One of the first cultures to articulate how music really works were the ancient Greeks. And this is going to fascinate you: the Greeks said that music and astronomy were two sides of the same coin. Astronomy was seen as the study of relationships between observable, permanent, external objects, and music was seen as the study of relationships between invisible, internal, hidden objects. Music has a way of finding the big, invisible moving pieces inside our hearts and souls and helping us figure out the position of things inside us. Let me give you some examples of how this works.

One of the most profound musical compositions of all time is the Quartet for the End of Time written by French composer Olivier Messiaen in 1940. Messiaen was 31 years old when France entered the war against Nazi Germany. He was captured by the Germans in June of 1940 and imprisoned in a prisoner-of-war camp.

He was fortunate to find a sympathetic prison guard who gave him paper and a place to compose, and fortunate to have musician colleagues in the camp, a cellist, a violinist, and a clarinetist. Messiaen wrote his quartet with these specific players in mind. It was performed in January 1941 for four thousand prisoners and guards in the prison camp. Today it is one of the most famous masterworks in the repertoire.

Given what we have since learned about life in the Nazi camps, why would anyone in his right mind waste time and energy writing or playing music? There was barely enough energy on a good day to find food and water, to avoid a beating, to stay warm, to escape torture — why would anyone bother with music? And yet even from the concentration camps we have poetry, we have music, we have visual art; it wasn’t just this one fanatic Messiaen; many, many people created art. Why? Well, in a place where people are only focused on survival, on the bare necessities, the obvious conclusion is that art must be, somehow, essential for life. The camps were without money, without hope, without commerce, without recreation, without basic respect, but they were not without art. Art is part of survival; art is part of the human spirit, an unquenchable expression of who we are. Art is one of the ways in which we say, “I am alive, and my life has meaning.”

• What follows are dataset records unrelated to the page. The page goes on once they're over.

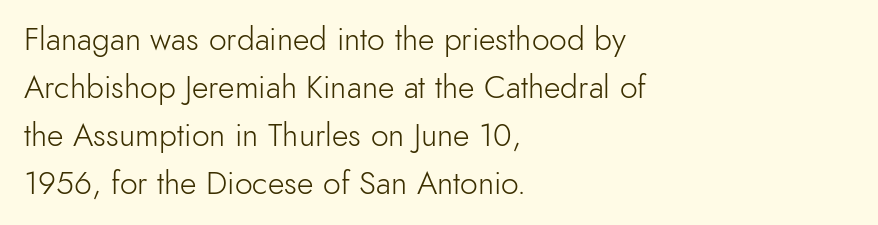
The letterforms sit at book weight or below. The lettering holds an erect, upright posture throughout. Do the characters align in a grid? No, the font is proportional. Serif or sans? Sans — the stroke terminals are bare.
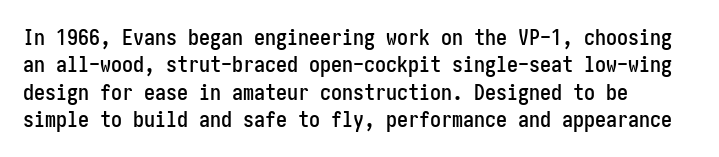
Letter spacing: default. Words float on clear page, feet unadorned. Every stem runs plumb, perpendicular to the baseline. Is there much room between lines? A standard amount, neither cramped nor airy. Reading down the block, your eye returns to a fixed left position each line.
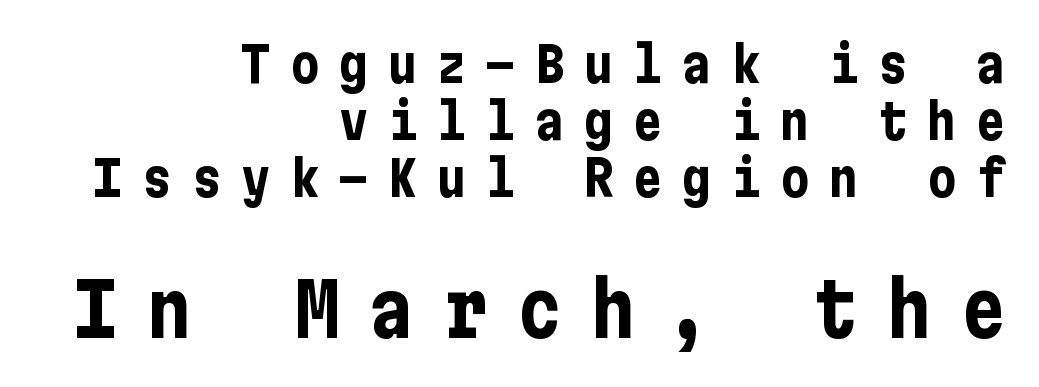
Q: Is the text bold? A: Yes.
Q: Is the text italic (slanted)? A: No, it is upright.
Q: Is the typeface a serif or a sans-serif typeface? A: Sans-serif.
Q: Is the text underlined? A: No.
Q: How is the paragraph aligned? A: Right-aligned.
Q: Is the spacing between letters normal or unusually wide? A: Unusually wide.
Q: Which block of text is set in a larger size, the first (top) or the second (bottom)? A: The second (bottom) one.
Q: Width (condensed, normal, or wide)? A: Condensed.
Q: Stroke contrast? A: Low.
Q: x-height? A: Medium.
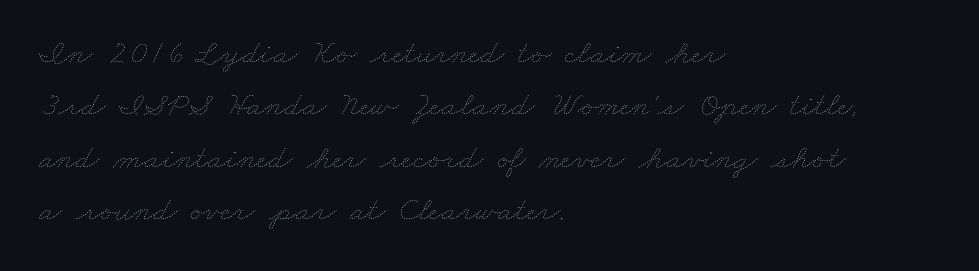
Q: Is the text bold? A: No.
Q: Is the text underlined? A: No.
Q: How is the paragraph aligned? A: Left-aligned.
Q: Is the spacing between letters normal or unusually wide? A: Normal.
Q: Is the spacing between lines tight, normal or loose? A: Normal.
Q: Width (condensed, normal, or wide)? A: Wide.
Q: Stroke contrast? A: Low.
Q: x-height? A: Small.
Q: Monospaced? A: No.
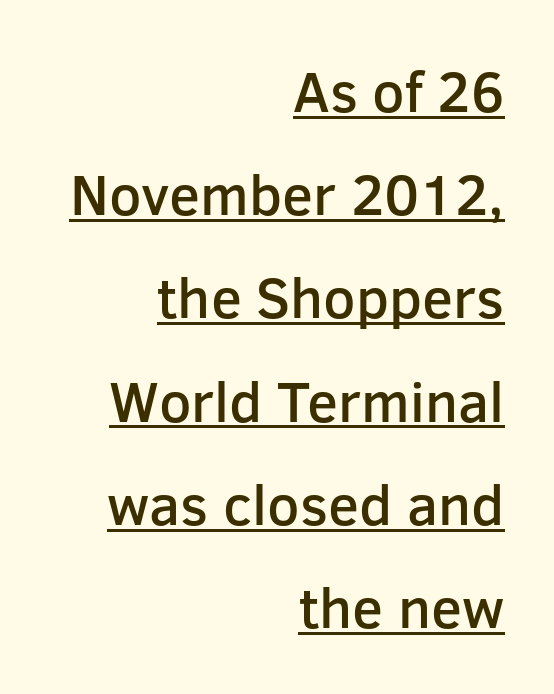
{"serif": "no", "italic": "no", "bold": "semi", "weight": "semibold", "width": "normal", "stroke_contrast": "low", "x_height": "medium", "monospaced": "no", "underline": "yes", "align": "right", "line_spacing_ratio": 1.81, "letter_spacing": "normal", "letter_spacing_em": 0.0, "glyph_px": 57}
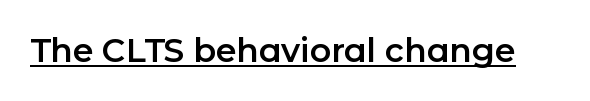
Q: Is the text italic (slanted)? A: No, it is upright.
Q: Is the typeface a serif or a sans-serif typeface? A: Sans-serif.
Q: Is the text underlined? A: Yes.
Q: Is the spacing between letters normal or unusually wide? A: Normal.
Q: Width (condensed, normal, or wide)? A: Normal.
Q: Stroke contrast? A: Low.
Q: x-height? A: Medium.
Q: Monospaced? A: No.
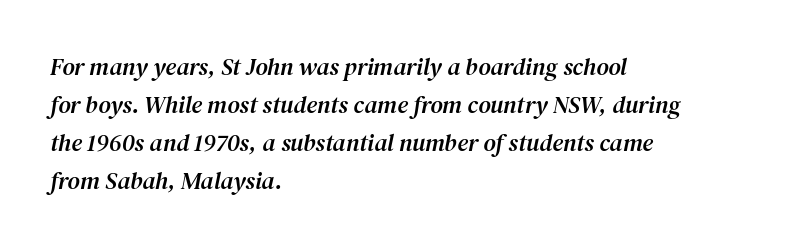
The image shows 24 px text type, italic (leaning right); set left-aligned, normal line spacing (1.59x), normal letter spacing, not underlined.
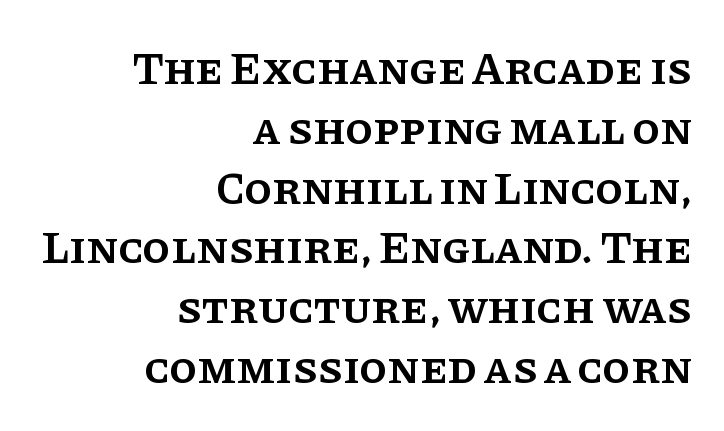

In September of 2001 I was a resident of Manhattan. On the morning of September 12, 2001 I reached a new understanding of my art and its relationship to the world. I sat down at the piano that morning at 10 AM to practice as was my daily routine; I did it by force of habit, without thinking about it. I lifted the cover on the keyboard, and opened my music, and put my hands on the keys and took my hands off the keys. And I sat there and thought, does this even matter? Isn’t this completely irrelevant? Playing the piano right now, given what happened in this city yesterday, seems silly, absurd, irreverent, pointless. Why am I here? What place has a musician in this moment in time? Who needs a piano player right now? I was completely lost.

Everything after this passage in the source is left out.